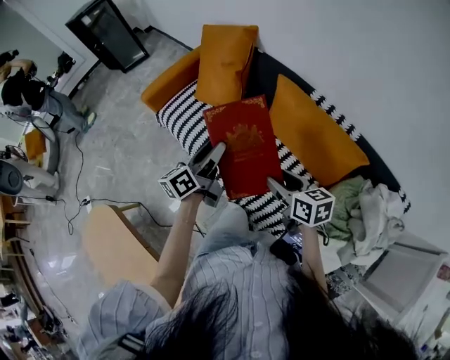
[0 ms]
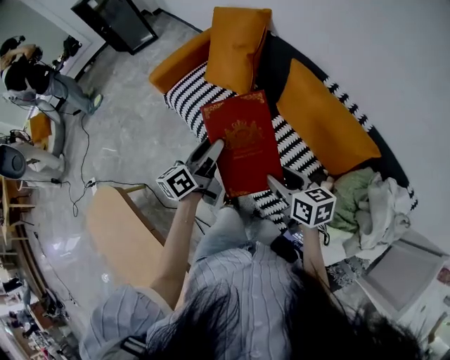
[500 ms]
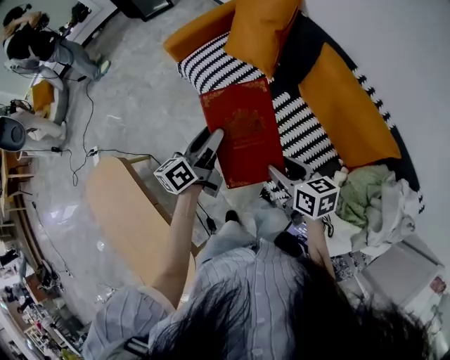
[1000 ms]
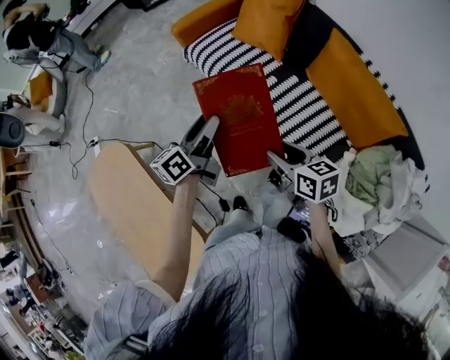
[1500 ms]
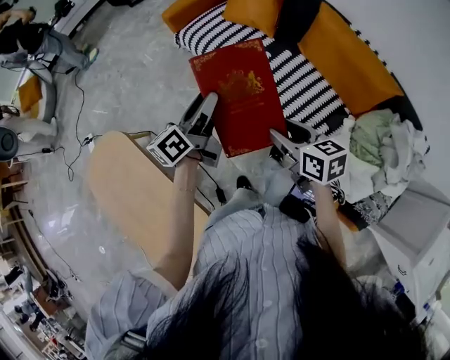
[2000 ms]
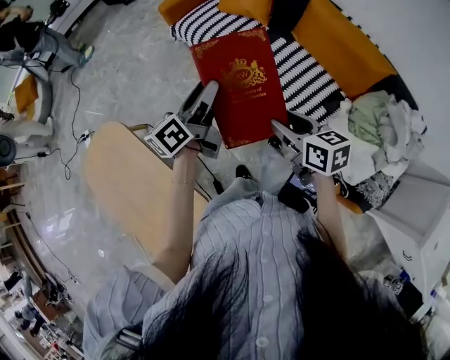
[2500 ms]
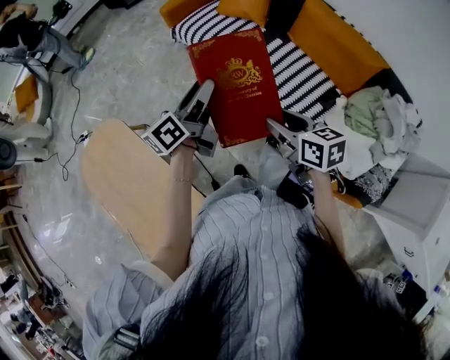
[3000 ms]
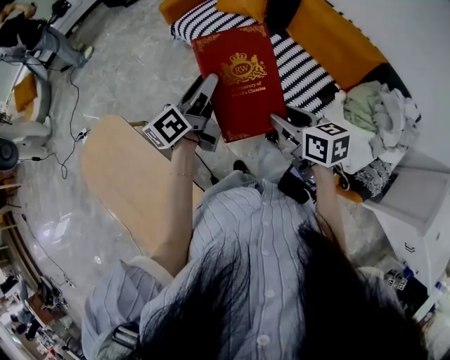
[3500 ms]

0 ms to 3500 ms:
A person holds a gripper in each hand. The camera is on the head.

Task to carry out:
The output is the records exactly as they read, with no pictures in it.

Written answer:
[0 ms]
[500 ms]
[1000 ms]
[1500 ms]
[2000 ms]
[2500 ms]
[3000 ms]
[3500 ms]

0 ms to 3500 ms:
A person holds a gripper in each hand. The camera is on the head.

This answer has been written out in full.